Shillow Valliere claimed Schneider's background check of Church prior to hiring him should have notified it that her husband was in danger of an assault.

Church's history included a 1987 conviction for vehicle theft in Miami and a 2003 misdemeanor battery charge, also in Miami, that was later dismissed. Church also reported on a questionnaire in April 2007 that he tested positive for cocaine use in 1997 but said he had been clean since then.

A Schneider trucking manager gave a declaration in support of the company's motion to dismiss that he never observed any violent tendencies in Church prior to the stabbing, and Valliere had never complained about Church threatening him. The manager said Valliere did complain that he and Church argued about driving schedules, and about Church smoking outside of their truck. Both drivers complained the about their partner's cellphone usage in the truck, and about music being played too loudly, the manager said.

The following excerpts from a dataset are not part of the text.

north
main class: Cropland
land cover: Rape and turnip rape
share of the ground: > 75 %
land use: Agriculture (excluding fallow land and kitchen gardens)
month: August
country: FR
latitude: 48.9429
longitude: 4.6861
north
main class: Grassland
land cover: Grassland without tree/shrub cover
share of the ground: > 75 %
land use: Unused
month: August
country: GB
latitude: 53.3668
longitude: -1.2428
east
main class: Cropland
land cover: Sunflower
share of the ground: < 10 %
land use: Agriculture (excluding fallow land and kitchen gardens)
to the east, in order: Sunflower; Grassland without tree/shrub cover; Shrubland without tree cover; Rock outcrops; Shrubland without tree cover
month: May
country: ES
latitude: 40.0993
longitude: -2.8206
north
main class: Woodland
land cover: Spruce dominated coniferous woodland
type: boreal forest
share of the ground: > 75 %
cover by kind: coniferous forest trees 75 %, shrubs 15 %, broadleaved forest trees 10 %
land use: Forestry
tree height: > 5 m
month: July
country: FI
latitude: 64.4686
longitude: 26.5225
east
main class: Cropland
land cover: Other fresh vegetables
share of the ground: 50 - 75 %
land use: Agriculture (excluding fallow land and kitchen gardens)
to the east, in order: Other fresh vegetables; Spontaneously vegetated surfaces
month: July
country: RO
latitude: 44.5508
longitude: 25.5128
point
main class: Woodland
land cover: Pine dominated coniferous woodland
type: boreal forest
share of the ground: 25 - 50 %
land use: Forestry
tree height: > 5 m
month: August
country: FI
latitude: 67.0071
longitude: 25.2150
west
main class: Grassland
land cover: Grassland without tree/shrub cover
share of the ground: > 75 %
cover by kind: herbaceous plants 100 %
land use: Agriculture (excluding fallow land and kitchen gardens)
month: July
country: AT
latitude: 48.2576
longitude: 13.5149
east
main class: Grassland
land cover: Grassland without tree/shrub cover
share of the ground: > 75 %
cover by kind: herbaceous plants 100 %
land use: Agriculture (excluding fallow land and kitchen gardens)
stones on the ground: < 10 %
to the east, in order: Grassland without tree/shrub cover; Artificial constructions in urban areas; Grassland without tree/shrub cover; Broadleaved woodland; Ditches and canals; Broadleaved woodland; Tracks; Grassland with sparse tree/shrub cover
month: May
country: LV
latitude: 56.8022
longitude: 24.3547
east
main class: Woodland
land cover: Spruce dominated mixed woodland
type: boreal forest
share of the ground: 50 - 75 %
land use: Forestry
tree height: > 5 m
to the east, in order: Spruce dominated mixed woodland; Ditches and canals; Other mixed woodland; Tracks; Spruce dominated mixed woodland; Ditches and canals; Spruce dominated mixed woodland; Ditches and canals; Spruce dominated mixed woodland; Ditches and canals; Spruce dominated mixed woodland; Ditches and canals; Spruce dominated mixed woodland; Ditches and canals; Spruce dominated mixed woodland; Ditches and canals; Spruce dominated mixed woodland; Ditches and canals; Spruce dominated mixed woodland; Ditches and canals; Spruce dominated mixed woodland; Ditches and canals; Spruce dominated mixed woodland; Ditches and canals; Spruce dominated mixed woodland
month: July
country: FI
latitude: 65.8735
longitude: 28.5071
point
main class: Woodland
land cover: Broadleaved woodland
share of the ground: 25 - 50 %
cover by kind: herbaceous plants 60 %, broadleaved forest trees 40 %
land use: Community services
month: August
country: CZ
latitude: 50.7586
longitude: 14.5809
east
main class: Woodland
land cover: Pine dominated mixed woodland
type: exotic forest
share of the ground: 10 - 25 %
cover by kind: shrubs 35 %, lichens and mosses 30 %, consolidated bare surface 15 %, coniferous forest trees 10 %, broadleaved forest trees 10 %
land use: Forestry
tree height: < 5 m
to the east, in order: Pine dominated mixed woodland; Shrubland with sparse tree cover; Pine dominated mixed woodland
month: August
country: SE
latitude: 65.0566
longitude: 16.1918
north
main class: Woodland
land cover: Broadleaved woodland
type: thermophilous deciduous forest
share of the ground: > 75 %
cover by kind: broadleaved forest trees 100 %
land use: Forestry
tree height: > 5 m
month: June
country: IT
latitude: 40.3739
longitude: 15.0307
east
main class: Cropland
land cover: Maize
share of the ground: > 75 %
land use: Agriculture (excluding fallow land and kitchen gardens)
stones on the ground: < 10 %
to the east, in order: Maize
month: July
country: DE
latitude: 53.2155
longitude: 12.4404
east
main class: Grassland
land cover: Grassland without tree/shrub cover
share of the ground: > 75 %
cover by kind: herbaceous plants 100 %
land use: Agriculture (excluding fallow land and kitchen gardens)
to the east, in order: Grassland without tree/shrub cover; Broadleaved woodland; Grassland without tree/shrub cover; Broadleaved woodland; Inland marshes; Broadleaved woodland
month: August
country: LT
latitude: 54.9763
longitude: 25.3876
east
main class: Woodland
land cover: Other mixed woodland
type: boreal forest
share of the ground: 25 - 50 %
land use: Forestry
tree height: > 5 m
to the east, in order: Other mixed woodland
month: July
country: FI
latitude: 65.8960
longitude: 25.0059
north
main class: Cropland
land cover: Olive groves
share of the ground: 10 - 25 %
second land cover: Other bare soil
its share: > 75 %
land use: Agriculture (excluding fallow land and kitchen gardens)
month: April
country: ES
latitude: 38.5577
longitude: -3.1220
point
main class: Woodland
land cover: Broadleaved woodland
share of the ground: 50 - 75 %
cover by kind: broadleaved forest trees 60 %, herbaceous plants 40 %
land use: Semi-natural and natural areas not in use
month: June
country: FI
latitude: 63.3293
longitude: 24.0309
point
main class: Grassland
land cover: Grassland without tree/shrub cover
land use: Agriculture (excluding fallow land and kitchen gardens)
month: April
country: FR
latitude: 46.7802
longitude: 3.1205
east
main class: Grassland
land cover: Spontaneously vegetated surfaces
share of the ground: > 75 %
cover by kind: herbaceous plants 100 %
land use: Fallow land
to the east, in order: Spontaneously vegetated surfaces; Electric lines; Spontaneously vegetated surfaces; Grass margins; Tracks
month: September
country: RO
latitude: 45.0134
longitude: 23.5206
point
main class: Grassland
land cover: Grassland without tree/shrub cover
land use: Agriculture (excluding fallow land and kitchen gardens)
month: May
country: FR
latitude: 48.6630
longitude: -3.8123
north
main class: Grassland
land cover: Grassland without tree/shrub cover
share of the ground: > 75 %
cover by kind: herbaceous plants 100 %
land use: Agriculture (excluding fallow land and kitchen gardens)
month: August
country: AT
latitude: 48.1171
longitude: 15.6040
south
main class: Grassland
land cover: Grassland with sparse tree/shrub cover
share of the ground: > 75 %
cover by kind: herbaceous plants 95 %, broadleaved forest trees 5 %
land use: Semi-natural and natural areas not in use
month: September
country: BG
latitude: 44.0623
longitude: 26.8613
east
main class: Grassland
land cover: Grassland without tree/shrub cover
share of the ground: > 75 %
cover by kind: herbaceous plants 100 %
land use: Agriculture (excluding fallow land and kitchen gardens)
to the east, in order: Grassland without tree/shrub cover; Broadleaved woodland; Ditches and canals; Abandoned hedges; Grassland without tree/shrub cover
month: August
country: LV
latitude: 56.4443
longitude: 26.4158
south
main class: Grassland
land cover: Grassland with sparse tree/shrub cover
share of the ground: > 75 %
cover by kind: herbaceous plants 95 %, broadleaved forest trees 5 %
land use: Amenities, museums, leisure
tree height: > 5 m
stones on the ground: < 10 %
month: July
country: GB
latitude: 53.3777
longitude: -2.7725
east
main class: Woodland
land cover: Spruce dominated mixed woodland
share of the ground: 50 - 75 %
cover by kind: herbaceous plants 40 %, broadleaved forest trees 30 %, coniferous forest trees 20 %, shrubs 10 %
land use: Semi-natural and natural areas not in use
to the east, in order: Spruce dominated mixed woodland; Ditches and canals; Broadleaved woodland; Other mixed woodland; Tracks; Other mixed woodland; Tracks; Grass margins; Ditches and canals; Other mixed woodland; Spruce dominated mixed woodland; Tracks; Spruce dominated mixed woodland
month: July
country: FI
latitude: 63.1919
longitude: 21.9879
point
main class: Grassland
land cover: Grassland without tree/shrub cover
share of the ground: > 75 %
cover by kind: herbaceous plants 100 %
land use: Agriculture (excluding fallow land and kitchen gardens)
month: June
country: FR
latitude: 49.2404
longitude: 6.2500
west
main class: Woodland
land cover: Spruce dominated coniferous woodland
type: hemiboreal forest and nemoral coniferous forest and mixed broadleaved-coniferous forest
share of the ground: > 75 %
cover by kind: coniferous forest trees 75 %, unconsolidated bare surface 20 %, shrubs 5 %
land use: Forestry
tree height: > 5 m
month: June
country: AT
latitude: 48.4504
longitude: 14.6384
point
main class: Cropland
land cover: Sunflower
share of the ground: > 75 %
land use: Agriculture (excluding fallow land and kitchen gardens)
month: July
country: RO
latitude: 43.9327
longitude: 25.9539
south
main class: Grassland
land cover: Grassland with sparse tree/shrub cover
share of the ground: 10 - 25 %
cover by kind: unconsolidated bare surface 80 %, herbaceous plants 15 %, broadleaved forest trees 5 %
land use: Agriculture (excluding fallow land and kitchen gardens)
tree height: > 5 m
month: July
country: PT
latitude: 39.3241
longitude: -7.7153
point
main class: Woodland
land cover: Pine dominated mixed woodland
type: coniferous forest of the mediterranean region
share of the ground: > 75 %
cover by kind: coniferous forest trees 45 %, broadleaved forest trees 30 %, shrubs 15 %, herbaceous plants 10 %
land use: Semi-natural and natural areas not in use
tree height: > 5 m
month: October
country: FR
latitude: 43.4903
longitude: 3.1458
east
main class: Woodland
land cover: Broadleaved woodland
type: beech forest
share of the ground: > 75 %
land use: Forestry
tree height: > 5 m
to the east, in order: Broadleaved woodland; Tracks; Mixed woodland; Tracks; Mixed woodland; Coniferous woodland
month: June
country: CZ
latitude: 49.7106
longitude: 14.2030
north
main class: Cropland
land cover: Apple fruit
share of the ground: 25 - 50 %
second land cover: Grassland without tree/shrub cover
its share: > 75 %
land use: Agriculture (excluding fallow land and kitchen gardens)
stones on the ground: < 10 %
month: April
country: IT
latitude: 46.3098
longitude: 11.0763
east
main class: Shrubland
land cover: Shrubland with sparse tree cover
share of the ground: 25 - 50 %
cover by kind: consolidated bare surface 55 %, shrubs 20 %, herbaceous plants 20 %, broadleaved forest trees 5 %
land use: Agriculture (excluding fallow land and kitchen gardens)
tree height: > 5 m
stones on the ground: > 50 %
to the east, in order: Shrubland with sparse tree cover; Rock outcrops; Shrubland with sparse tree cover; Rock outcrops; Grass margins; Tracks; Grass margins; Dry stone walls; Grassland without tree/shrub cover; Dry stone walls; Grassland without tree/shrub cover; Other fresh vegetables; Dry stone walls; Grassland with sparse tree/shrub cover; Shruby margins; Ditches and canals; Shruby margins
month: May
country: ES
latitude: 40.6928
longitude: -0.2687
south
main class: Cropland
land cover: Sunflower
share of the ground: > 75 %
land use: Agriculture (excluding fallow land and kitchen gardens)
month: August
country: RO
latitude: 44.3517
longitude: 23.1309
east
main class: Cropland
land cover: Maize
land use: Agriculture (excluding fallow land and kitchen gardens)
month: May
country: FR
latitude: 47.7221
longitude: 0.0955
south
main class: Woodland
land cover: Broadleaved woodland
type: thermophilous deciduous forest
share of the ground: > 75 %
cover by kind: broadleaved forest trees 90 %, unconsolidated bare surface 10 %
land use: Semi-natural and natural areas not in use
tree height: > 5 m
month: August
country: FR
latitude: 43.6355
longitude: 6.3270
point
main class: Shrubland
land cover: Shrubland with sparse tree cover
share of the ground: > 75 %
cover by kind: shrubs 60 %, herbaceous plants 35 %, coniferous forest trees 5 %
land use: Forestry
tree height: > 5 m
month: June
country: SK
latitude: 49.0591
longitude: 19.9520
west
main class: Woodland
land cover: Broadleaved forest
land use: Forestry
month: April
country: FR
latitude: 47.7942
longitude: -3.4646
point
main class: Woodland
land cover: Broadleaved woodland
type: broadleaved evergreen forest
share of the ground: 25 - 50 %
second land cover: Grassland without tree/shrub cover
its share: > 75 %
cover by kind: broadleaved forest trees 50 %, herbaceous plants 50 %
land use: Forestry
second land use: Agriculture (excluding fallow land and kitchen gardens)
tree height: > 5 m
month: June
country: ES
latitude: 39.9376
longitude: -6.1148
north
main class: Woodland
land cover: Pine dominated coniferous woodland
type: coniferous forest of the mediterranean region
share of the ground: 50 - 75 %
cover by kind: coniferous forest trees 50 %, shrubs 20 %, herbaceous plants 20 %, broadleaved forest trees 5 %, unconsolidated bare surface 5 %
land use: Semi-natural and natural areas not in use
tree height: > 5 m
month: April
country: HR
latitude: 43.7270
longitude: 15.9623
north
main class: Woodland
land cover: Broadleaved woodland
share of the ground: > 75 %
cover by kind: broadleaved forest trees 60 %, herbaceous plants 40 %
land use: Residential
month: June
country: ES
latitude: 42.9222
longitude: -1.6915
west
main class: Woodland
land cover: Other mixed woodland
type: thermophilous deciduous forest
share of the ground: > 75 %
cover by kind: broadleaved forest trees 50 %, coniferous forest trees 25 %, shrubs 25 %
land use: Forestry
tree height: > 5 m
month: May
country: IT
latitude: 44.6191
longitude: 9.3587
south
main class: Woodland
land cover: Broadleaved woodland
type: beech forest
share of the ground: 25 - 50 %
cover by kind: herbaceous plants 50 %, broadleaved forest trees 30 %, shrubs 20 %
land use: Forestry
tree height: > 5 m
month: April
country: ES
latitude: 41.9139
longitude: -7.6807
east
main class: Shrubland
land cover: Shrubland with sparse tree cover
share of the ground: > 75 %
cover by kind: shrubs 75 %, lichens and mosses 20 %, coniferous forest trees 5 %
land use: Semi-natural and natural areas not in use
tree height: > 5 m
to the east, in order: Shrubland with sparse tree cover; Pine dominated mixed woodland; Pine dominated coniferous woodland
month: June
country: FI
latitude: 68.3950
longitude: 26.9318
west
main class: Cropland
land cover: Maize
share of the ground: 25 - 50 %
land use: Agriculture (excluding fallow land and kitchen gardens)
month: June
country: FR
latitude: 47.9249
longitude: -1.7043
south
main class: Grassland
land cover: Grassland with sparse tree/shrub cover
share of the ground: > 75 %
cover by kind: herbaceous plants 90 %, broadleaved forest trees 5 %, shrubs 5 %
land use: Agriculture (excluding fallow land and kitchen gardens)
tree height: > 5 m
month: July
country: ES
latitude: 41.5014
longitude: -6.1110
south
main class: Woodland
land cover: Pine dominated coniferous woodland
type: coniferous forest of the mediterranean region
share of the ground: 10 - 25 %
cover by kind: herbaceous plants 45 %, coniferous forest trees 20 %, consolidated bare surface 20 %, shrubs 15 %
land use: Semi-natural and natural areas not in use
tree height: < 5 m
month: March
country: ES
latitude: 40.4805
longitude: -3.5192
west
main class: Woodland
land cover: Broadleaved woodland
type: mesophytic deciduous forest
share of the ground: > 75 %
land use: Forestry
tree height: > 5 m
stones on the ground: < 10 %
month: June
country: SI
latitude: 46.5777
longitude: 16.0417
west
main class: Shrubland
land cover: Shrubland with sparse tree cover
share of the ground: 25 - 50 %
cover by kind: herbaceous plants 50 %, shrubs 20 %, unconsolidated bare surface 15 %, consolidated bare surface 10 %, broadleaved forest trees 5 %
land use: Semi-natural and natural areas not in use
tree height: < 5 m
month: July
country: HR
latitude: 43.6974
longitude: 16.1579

When the manager offered to assign the men solo routes, they expressed a willingness to work out their issues, he said.

Shillow Valliere claims her husband also complained to her about Church smelling like smoke when he got back into their truck after having a cigarette, playing music too loudly while he was sleeping, and honking the truck's horn or hitting its brakes to wake him up.

She concedes she probably knew more about the men's interpersonal problems than any Schneider official, and even she never thought Church would hurt her husband.

In his July 19 opinion granting Schneider's motion to dismiss Shillow Valliere's claims, U.S. District Judge Gary Miller wrote the fact that the drivers worked closely together for two years prior to the stabbing, without a single physical confrontation, or even a threat of a confrontation, shows Schneider had no notice that Church would attack his co-worker.

The three revelations in Church's background check, combined with her husband's complaints about Church, were also insufficient to make Schneider aware of a risk to Vallerie's safety, the judge added.

Miller pointed to precedent established by the 5th Circuit decision in Hall v. Diamond Shamrock Refining, in which a widow sued the oil company for gross negligence after her husband died in a rig explosion 30 years after a similar explosion.

Noting changes Diamond Shamrock had made since the explosion, the 5th Circuit held that the company was not consciously indifferent to the risk of explosions and therefore not guilty of gross negligence.

"Like the possibility of an explosion of an oil rig in Hall, there is always a possibility that an employee will act violently against a co-worker," Miller wrote. "That mere possibility, however, is not enough to establish gross negligence."